Fare scultura non significa soltanto saper manipolare e trasformare la materia per riprodurre o trasfigurare la realtà. Per Giuseppe Penone scolpire è sempre stato molto di più.

Tutto il mio lavoro in fondo è una riflessione sulla scultura, intesa non come una scelta di un materiale o di alcuni materiali e poi un’elaborazione di forme, ma come un tentativo di capire la realtà attraverso questa parola, attraverso questo processo

Giuseppe Penone

Comprensione e processo sono, insieme a contatto e impronta, i concetti cardine sui quali si fonda l’approccio innovatore e radicale di Penone alla pratica scultorea. La sua indagine e “meditazione” sulla scultura l’ha portato a produrre dalla fine degli anni Sessanta a oggi un corpus di opere suggestivo ed eterogeneo, esito del costante incontro e confronto con il mondo naturale.
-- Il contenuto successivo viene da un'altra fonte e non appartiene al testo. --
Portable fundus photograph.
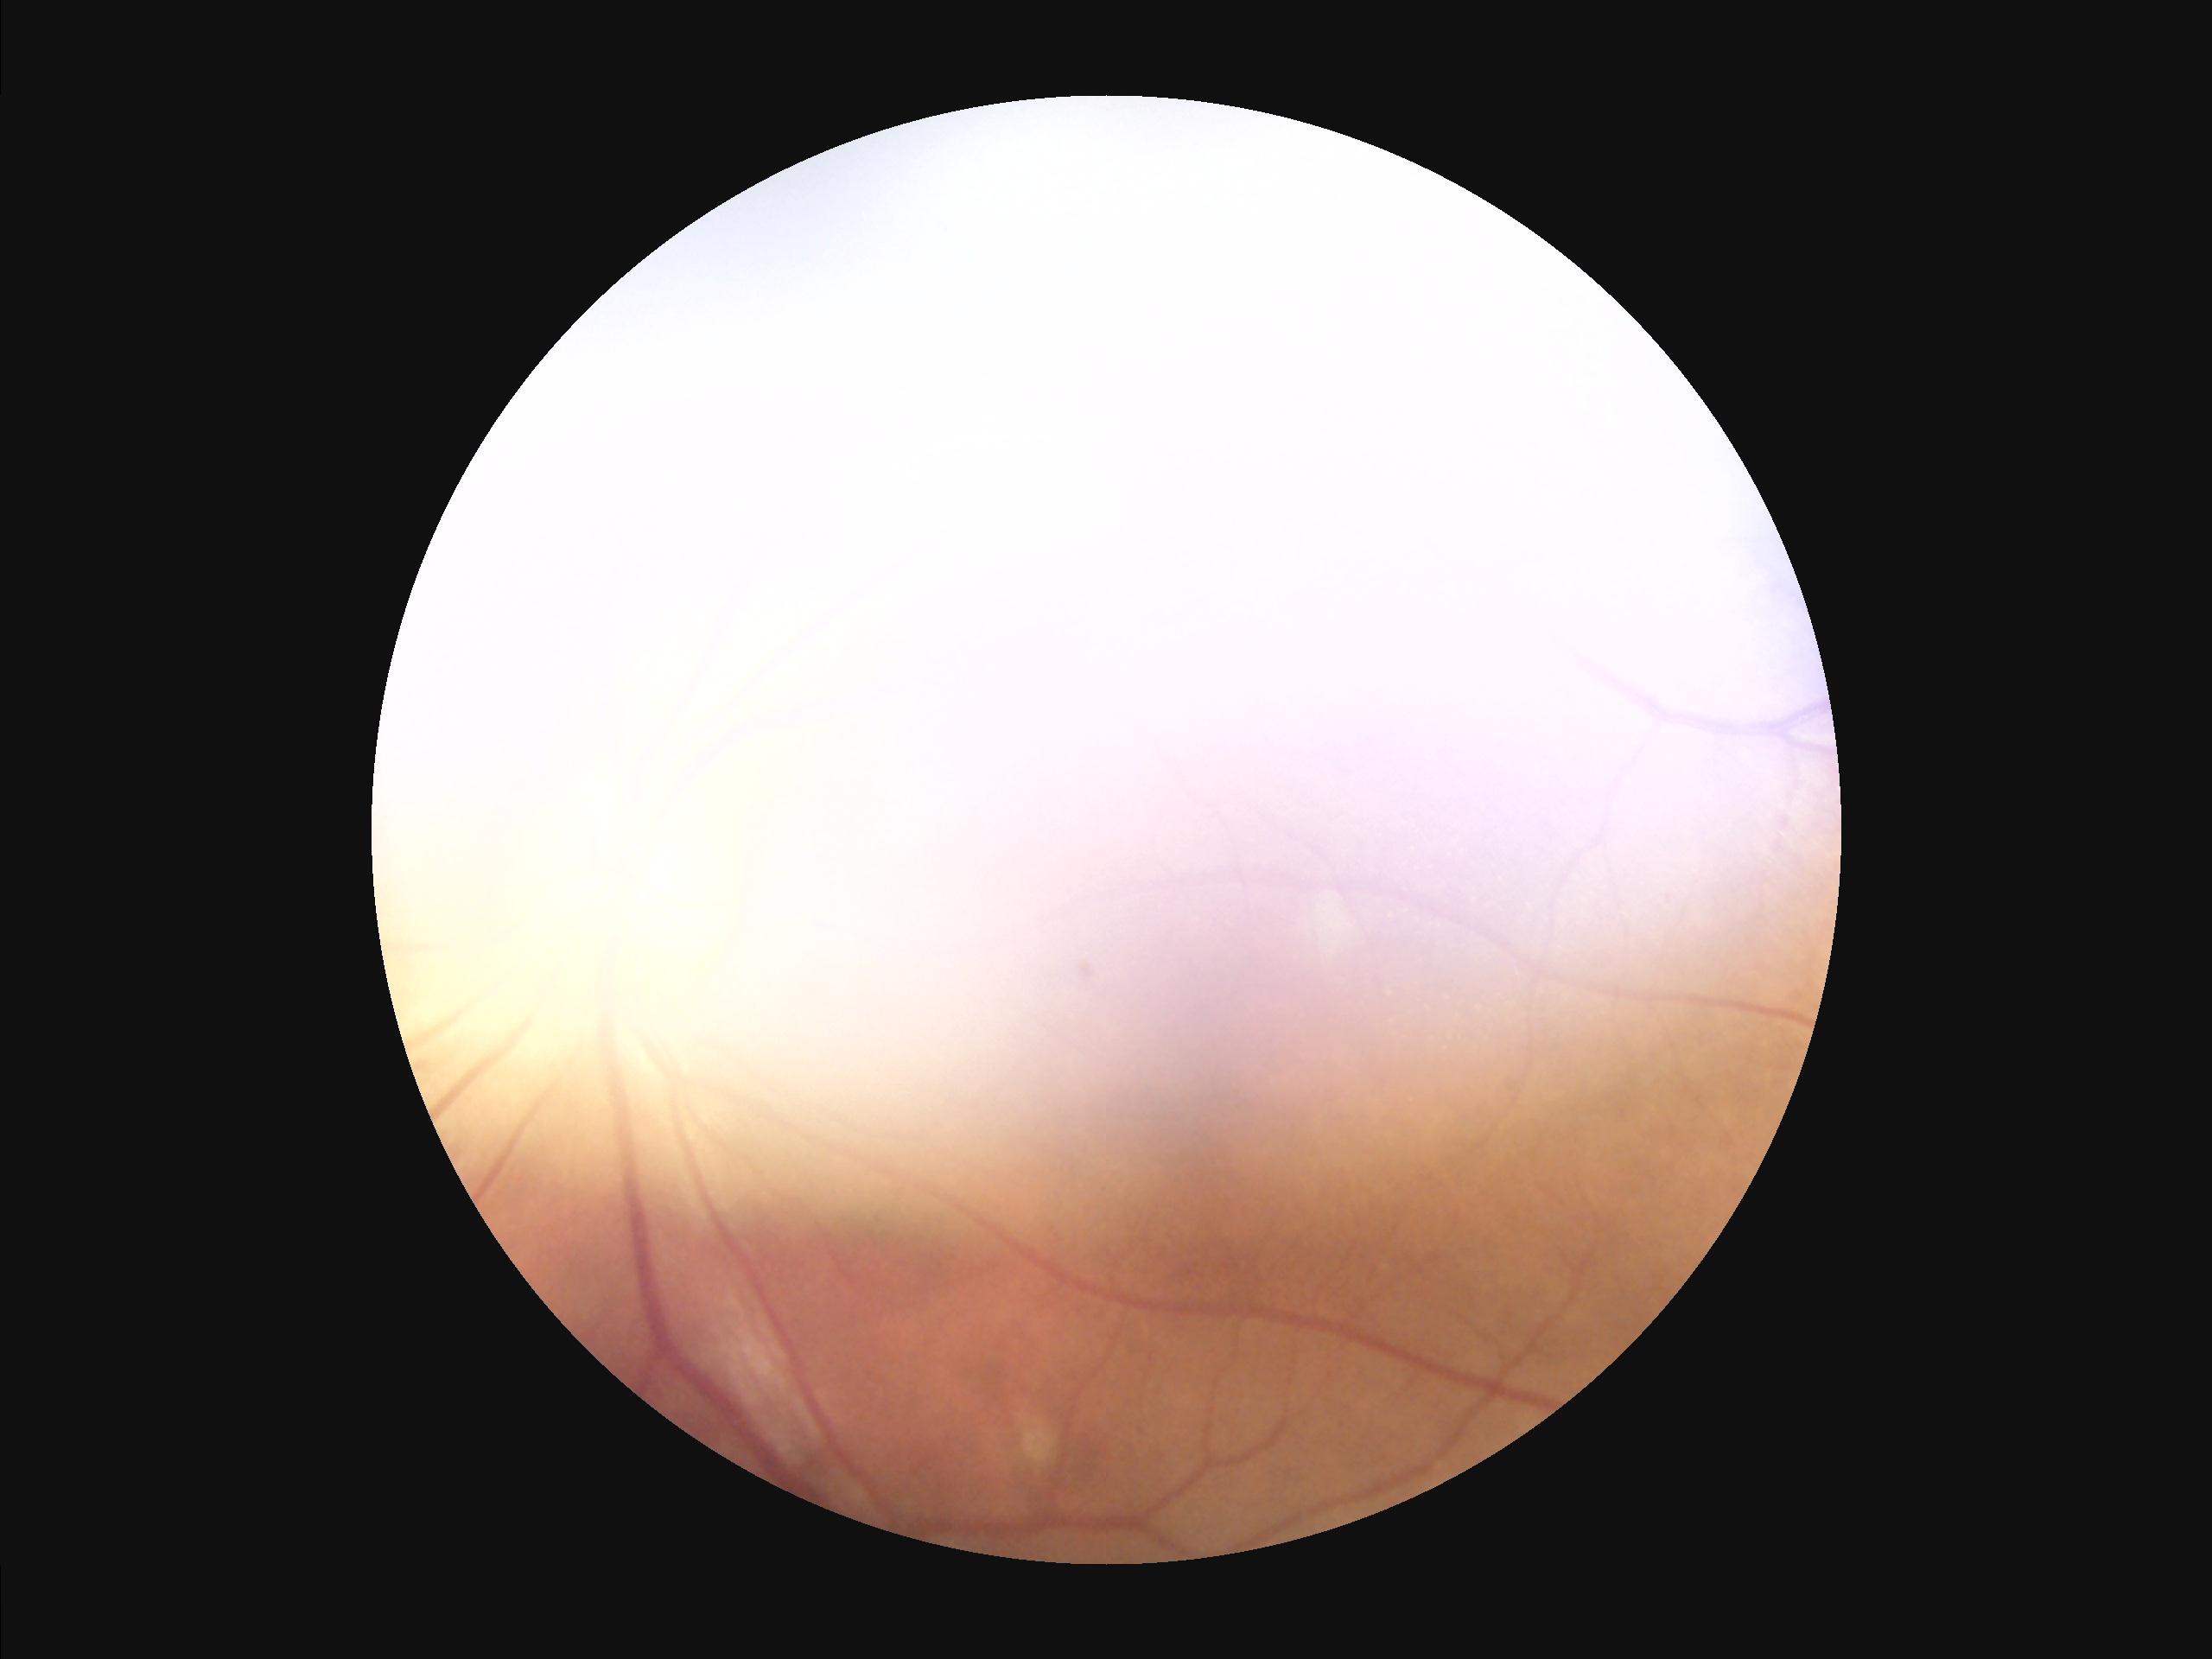
Quality grading: contrast: low, vessels and details hard to distinguish; focus: noticeable blur in the optic disc, vessels, or background; overall: poor, ungradable; illumination/color: over- or under-exposed.

Giuseppe Penone, Ripetere il bosco [dettaglio], 1969-2022. Installazione Voorlinden Museum, Wassenaar 2022. Foto © Archivio Penone, SIAE 2024.jpg

Giuseppe Penone, Ripetere il bosco [dettaglio], 1969-2022

  • © Archivio Penone, SIAE 2024

Nato nel 1947 a Garessio, piccolo centro del cuneese circondato da boschi e montagne, Giuseppe Penone compie la sua formazione all’Accademia di Belle Arti di Torino. Come lui stesso ha spesso raccontato, il suo percorso come scultore ha avvio con una singolare presa di coscienza: durante una lezione in Accademia, mentre osserva un docente intento a modellare un busto, Penone improvvisamente non percepisce più un volto nel lavoro che a poco a poco sta emergendo dall’argilla, bensì vi scorge soltanto l’impronta delle mani dello scultore. A catturare la sua attenzione non è il busto che sta prendendo forma, ma il gesto scultoreo. Questa sorta di ribaltamento di prospettiva accompagnerà l’artista per tutta la sua carriera: è il processo, più che l’opera finale, a contare per Penone, e il fare scultura è innanzitutto un’esplorazione tattile del mondo. Ciò risulta evidente fin dai suoi primi lavori, in cui sonda le qualità fisiche di materiali come il ferro, il piombo, la cera, il gesso, il legno e la iuta.

Alpi Marittime, un gruppo di opere realizzato nel 1968, è frutto di una serie di azioni che Penone compie in un bosco nei pressi della sua cittadina natale, per esplorare il legame e le interconnessioni tra uomo e natura. Raccolti in una sorta di diario, i disegni, le fotografie e le annotazioni che ne conseguono finiscono nel 1969 nella pubblicazione Arte Povera di Germano Celant.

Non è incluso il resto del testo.